COOBER PEDY News & Events

DOZENS OF REDUNDANCIES AS CU-RIVER MINE NEAR COOBER PEDY CLOSES

Cairn Hill Mine near Coober Pedy

DOZENS of mining workers have been made redundant a week before Christmas following the sudden closure of the CU-River’s Cairn Hill mine.

The company has now confirmed the closure of the iron-ore mine, 50km southeast of Coober Pedy, which had employed about 80 people; many from the local area.

The mine, within the Woomera Prohibited Area, had only reopened earlier this year after production ceased in late 2017.

In a statement issued to the Coober Pedy Regional Times this week, CU-River said its joint-venture partner, Jiujiang Mining Australia, had withdrawn from the project and as a result “the majority of staff will be made redundant”.

A small number of employees would remain on site to assist with the closure.

The statement attributed the closure to the Defence Department denying CU-River’s $270 million expansion plan, which would have included a minerals concentrator and other infrastructure.

The company was also denied access to the nearby Snaefell deposit.

It had planned to develop the Snaefell and Tomahawk iron-ore deposits in a move that could have created another 350 jobs over the next seven years.

Local employees were told of the redundancies on Friday when they arrived at work.
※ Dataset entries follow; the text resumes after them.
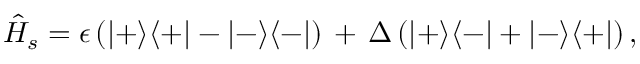
\hat { H } _ { s } = \epsilon \left( | + \rangle \langle + | - | - \rangle \langle - | \right) \, + \, \Delta \left( | + \rangle \langle - | + | - \rangle \langle + | \right) ,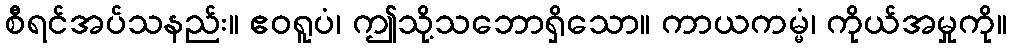
စီရင်အပ်သနည်း။ ဧဝရူပံ၊ ဤသို့သဘောရှိသော။ ကာယကမ္မံ၊ ကိုယ်အမှုကို။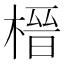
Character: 榗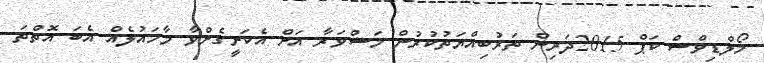
މޯލްޑިވްސް ކަޕް 2015ދަރިން ތަރުބިއްޔަތުކުރުން މަޝްވަރާ އަށް އެކަށީގެންވާ މާހައުލެއް އެބަ އޮތްތަ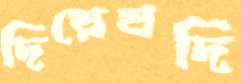
দিয়েযদি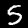
Digit: 5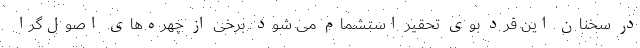
در سخنان این فرد بوی تحقیر استشمام می شود. برخی از چهره‌های اصول‌گرا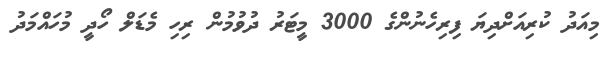
މިއަދު ކުރިއަށްދިޔަ ފިރިހެނުންގެ 3000 މީޓަރު ދުވުމުން ރިހި މެޑަލް ހޯދީ މުހައްމަދު
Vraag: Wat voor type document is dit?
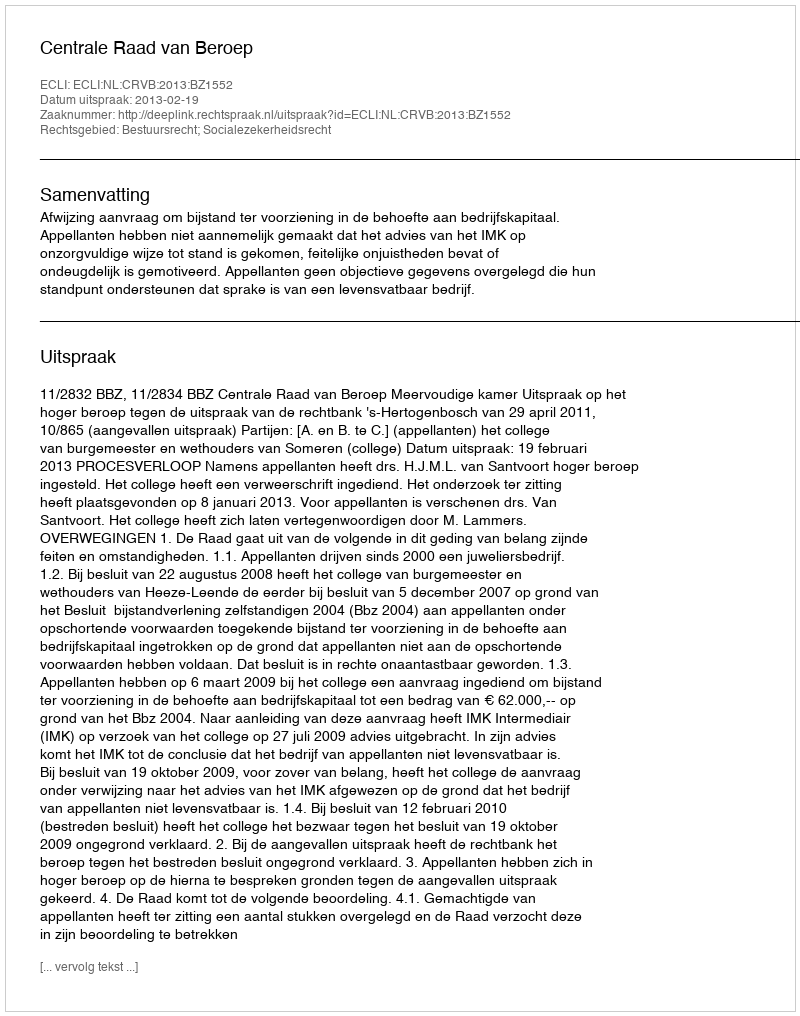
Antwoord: Uitspraak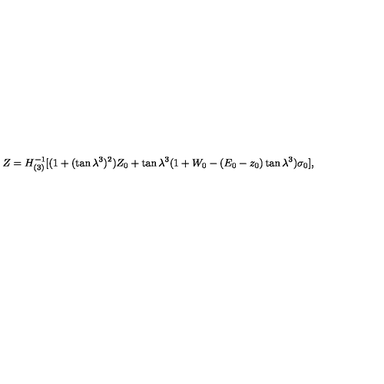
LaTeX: Z = H _ { ( 3 ) } ^ { - 1 } [ ( 1 + ( \tan \lambda ^ { 3 } ) ^ { 2 } ) Z _ { 0 } + \tan \lambda ^ { 3 } ( 1 + W _ { 0 } - ( E _ { 0 } - z _ { 0 } ) \tan \lambda ^ { 3 } ) \sigma _ { 0 } ] ,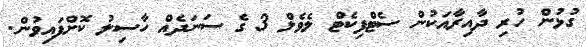
ގުޅުން ހުރި ދާއިރާއަކުން ސެޓްފިކެޓް ލެވެލް 3 ގެ ސަނަދެއް ހާސިލު ކޮށްފައިވުން.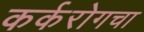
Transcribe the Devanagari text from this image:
कर्करोगचा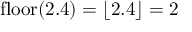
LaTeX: \operatorname { f l o o r } ( 2 . 4 ) = \lfloor 2 . 4 \rfloor = 2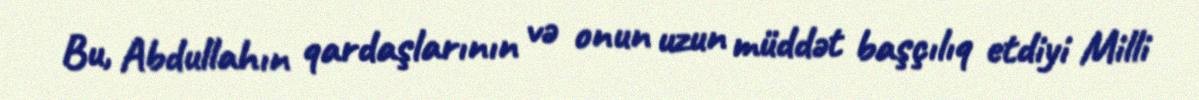
Bu, Abdullahın qardaşlarının və onun uzun müddət başçılıq etdiyi Milli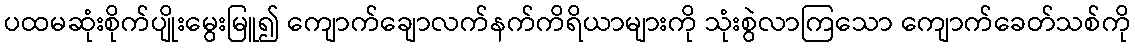
ပထမဆုံးစိုက်ပျိုးမွေးမြူ၍ ကျောက်ချောလက်နက်ကိရိယာများကို သုံးစွဲလာကြသော ကျောက်ခေတ်သစ်ကို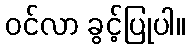
ဝင်လာ ခွင့်ပြုပါ။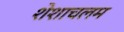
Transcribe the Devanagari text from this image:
शेशाचलम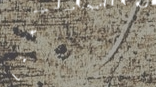
بيع مستلزمات العناية بالح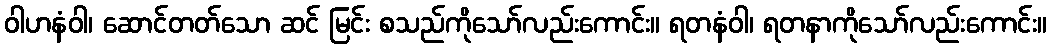
ဝါဟနံဝါ၊ ဆောင်တတ်သော ဆင် မြင်း စသည်ကိုသော်လည်းကောင်း။ ရတနံဝါ၊ ရတနာကိုသော်လည်းကောင်း။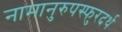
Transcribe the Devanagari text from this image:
नामानुरुपस्फुरदर्थ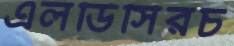
এলডিসিরচ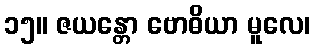
၁၅။ ဇယန္တော ဗောဓိယာ မူလေ၊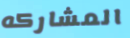
المشاركه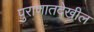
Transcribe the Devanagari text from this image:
पुराणातदेखील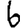
Digit: 6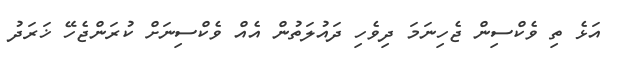
އަޅެ ތި ވެކްސިން ޖެހިނަމަ ދިވެހި ދައުލަތުން އެއް ވެކްސިނަށް ކުރަންޖެހޭ ޚަރަދު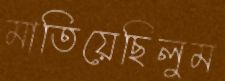
মাতিয়েছিলুম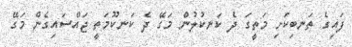
ފައިގެ ތަނބިކަށި މަތީގަ ދެ ކަނކުލުން މަގޭ ދެ ކަނކޫމަތީ ޖައްސައިގެން މަގޭ
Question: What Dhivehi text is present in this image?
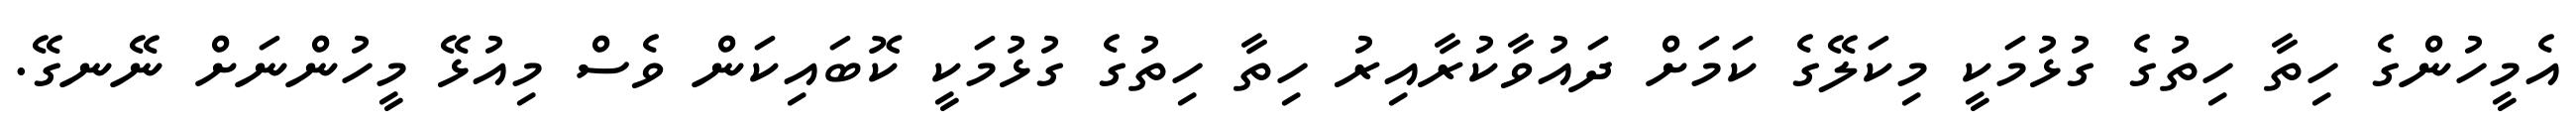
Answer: އެމީހުންގެ ހިތާ ހިތުގެ ގުޅުމަކީ މިކަލޭގެ ކަމަށް ދައުވާކުރާއިރު ހިތާ ހިތުގެ ގުޅުމަކީ ކޮބައިކަން ވެސް މިއުޅޭ މީހުންނަށް ނޭނގޭ.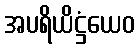
အပရိယိဋ္ဌံယေဝ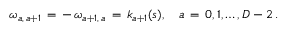
\omega _ { a , \, a + 1 } \, = \, - \, \omega _ { a + 1 , \, a } \, = \, k _ { a + 1 } ( s ) , \quad a \, = \, 0 , 1 , \ldots , D - 2 \, { . }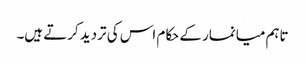
تاہم میانمار کے حکام اس کی تردید کرتے ہیں۔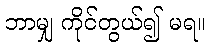
ဘာမျှ ကိုင်တွယ်၍ မရ။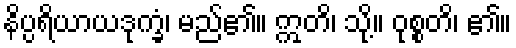
နိပ္ပရိယာယဒုက္ခံ၊ မည်၏။ ဣတိ၊ သို့။ ဝုစ္စတိ၊ ၏။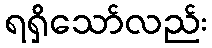
ရရှိသော်လည်း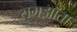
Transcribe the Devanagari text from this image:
समझॉता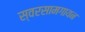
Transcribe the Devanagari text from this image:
स्वरसामगायन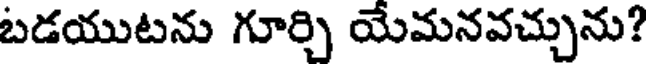
బడయుటను గూర్చి యేమనవచ్చును?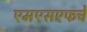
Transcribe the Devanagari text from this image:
एमएसएफचे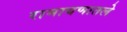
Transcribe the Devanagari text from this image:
रामायणातले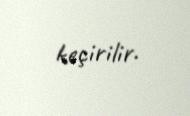
keçirilir.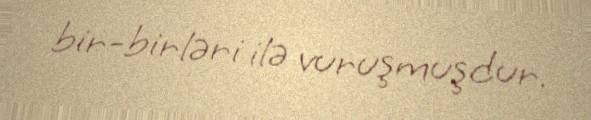
bir-birləri ilə vuruşmuşdur.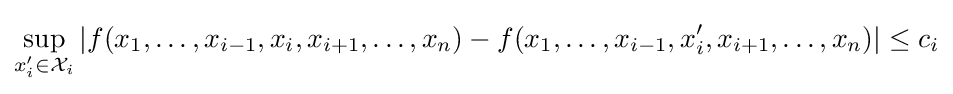
\sup _{x_{i}'\in {\mathcal {X}}_{i}}\left|f(x_{1},\dots ,x_{i-1},x_{i},x_{i+1},\ldots ,x_{n})-f(x_{1},\dots ,x_{i-1},x_{i}',x_{i+1},\ldots ,x_{n})\right|\leq c_{i}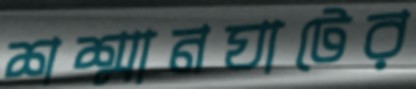
শশ্মানঘাটের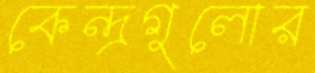
কেন্দ্রগুলোর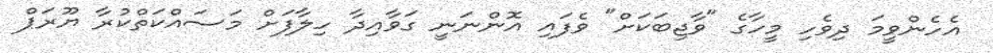
އެހެންވީމަ ދިވެހި މީހާގެ "ވާޖިބަކަށް" ވެފައި އޮންނަނީ ގަވާއިދާ ހިލާފަށް މަސައްކަތްކުރާ ޔޫރަޕް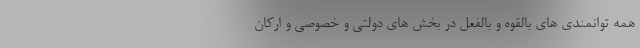
همه توانمندی های بالقوه و بالفعل در بخش های دولتی و خصوصی و ارکان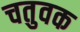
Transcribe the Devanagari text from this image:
चतुवक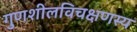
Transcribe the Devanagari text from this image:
गुणशीलविचक्षणस्य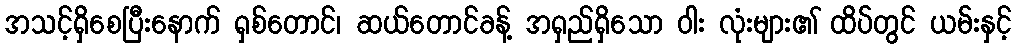
အသင့်ရှိစေပြီးနောက် ရှစ်တောင်၊ ဆယ်တောင်ခန့် အရှည်ရှိသော ဝါး လုံးများ၏ ထိပ်တွင် ယမ်းနှင့်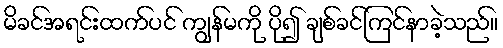
မိခင်အရင်းထက်ပင် ကျွန်မကို ပို၍ ချစ်ခင်ကြင်နာခဲ့သည်။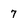
Character: 7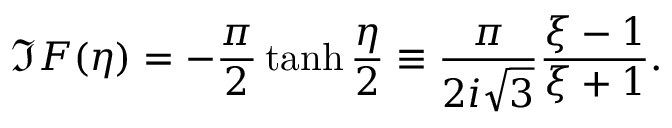
\Im F ( \eta ) = - \frac { \pi } { 2 } \operatorname { t a n h } \frac { \eta } { 2 } \equiv \frac { \pi } { 2 i \sqrt { 3 } } \frac { \xi - 1 } { \xi + 1 } .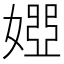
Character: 𡟳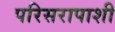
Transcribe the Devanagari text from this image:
परिसरापाशी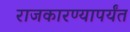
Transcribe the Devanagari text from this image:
राजकारण्यापर्यंत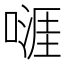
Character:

Problems obtaining permits to operate near Woomera was given as a basic reason. A good number of Coober Pedy families now face an uncertain future with the mine closure.

JMA concluded that “in absence of the approval to construct a processing plant, it was not an economically viable option at current iron-ore prices to continue mining with dry magnetic separation and the longer the operations continued, the greater the economic loss the company would face”.

CU-River Mining, which was established by Adelaide businessman Yong Gang Shan, said the closure would not affect its development of an iron ore port at Port Augusta.

The Chinese-backed company bought the former site of Alinta Energy’s Northern and Playford coal-fired power stations to build a port and export up to 15 million tonnes of iron ore a year.

More than 150 people would be needed during construction and up to 100 permanent positions would be created once it was finished.

Iron ore has been railed for export through Port Adelaide.